**Task instructions**
A word-for-word restatement of the whole listing is the expected answer.

**Information supplied**
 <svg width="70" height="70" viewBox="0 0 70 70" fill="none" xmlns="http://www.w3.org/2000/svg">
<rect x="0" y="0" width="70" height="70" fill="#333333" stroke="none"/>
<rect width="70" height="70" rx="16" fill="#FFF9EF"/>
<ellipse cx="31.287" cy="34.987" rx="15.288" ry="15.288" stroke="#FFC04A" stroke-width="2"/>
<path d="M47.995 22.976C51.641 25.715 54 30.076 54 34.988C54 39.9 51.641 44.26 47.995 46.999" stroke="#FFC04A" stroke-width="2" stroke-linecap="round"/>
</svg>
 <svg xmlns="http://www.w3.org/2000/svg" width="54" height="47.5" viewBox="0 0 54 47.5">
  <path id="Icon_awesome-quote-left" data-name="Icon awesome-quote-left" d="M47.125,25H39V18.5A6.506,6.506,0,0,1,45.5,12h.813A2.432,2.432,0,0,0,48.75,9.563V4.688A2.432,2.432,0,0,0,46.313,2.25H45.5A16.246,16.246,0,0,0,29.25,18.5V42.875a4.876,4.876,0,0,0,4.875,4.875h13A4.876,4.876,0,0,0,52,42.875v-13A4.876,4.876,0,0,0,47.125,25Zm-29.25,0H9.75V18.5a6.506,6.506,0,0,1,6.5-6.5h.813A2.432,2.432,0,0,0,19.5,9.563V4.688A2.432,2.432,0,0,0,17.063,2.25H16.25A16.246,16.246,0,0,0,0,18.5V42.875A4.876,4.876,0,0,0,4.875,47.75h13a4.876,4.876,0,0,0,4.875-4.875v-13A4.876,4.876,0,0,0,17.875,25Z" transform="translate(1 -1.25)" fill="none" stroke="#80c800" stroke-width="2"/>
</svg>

**Response below**
 <svg width="70" height="70" viewBox="0 0 70 70" fill="none" xmlns="http://www.w3.org/2000/svg">
<rect x="0" y="0" width="70" height="70" fill="#333333" stroke="none"/>
<rect width="70" height="70" rx="16" fill="#FFF9EF"/>
<ellipse cx="31.287" cy="34.987" rx="15.288" ry="15.288" stroke="#FFC04A" stroke-width="2"/>
<path d="M47.995 22.976C51.641 25.715 54 30.076 54 34.988C54 39.9 51.641 44.26 47.995 46.999" stroke="#FFC04A" stroke-width="2" stroke-linecap="round"/>
</svg>
 <svg xmlns="http://www.w3.org/2000/svg" width="54" height="47.5" viewBox="0 0 54 47.5">
  <path id="Icon_awesome-quote-left" data-name="Icon awesome-quote-left" d="M47.125,25H39V18.5A6.506,6.506,0,0,1,45.5,12h.813A2.432,2.432,0,0,0,48.75,9.563V4.688A2.432,2.432,0,0,0,46.313,2.25H45.5A16.246,16.246,0,0,0,29.25,18.5V42.875a4.876,4.876,0,0,0,4.875,4.875h13A4.876,4.876,0,0,0,52,42.875v-13A4.876,4.876,0,0,0,47.125,25Zm-29.25,0H9.75V18.5a6.506,6.506,0,0,1,6.5-6.5h.813A2.432,2.432,0,0,0,19.5,9.563V4.688A2.432,2.432,0,0,0,17.063,2.25H16.25A16.246,16.246,0,0,0,0,18.5V42.875A4.876,4.876,0,0,0,4.875,47.75h13a4.876,4.876,0,0,0,4.875-4.875v-13A4.876,4.876,0,0,0,17.875,25Z" transform="translate(1 -1.25)" fill="none" stroke="#80c800" stroke-width="2"/>
</svg>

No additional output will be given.